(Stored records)
####################

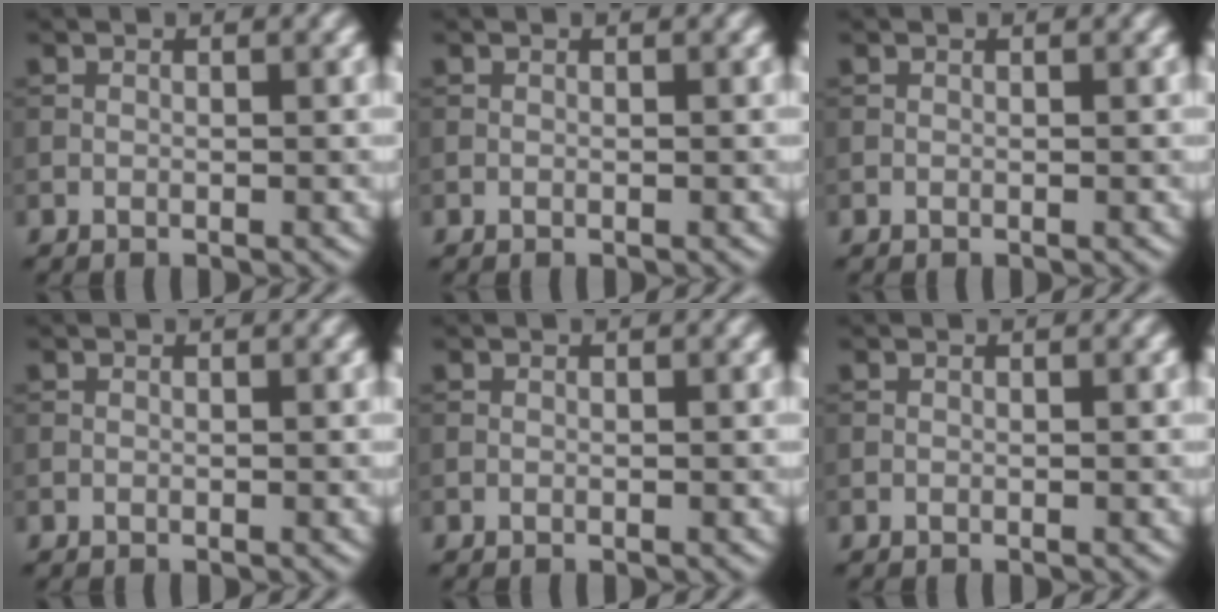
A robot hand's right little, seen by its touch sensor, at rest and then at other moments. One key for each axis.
{"total": 0.0}
{"total": 0.0}
{"total": 0.0}
{"total": 0.0}
{"total": 0.0}
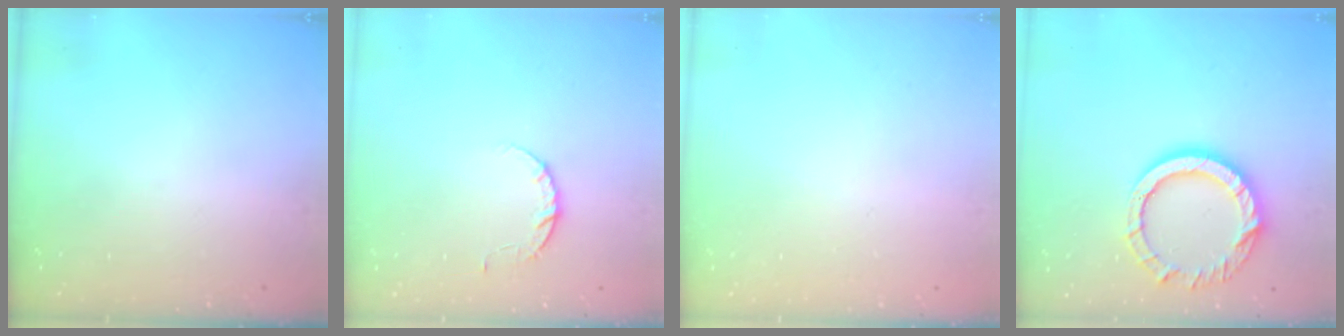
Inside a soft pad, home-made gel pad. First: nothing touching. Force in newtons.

####################

◆ **Instructions to follow**
Print every record above exactly, with no pictures.

◆ **Completed task**
A robot hand's right little, seen by its touch sensor, at rest and then at other moments. One key for each axis.
{"total": 0.0}
{"total": 0.0}
{"total": 0.0}
{"total": 0.0}
{"total": 0.0}
Inside a soft pad, home-made gel pad. First: nothing touching. Force in newtons.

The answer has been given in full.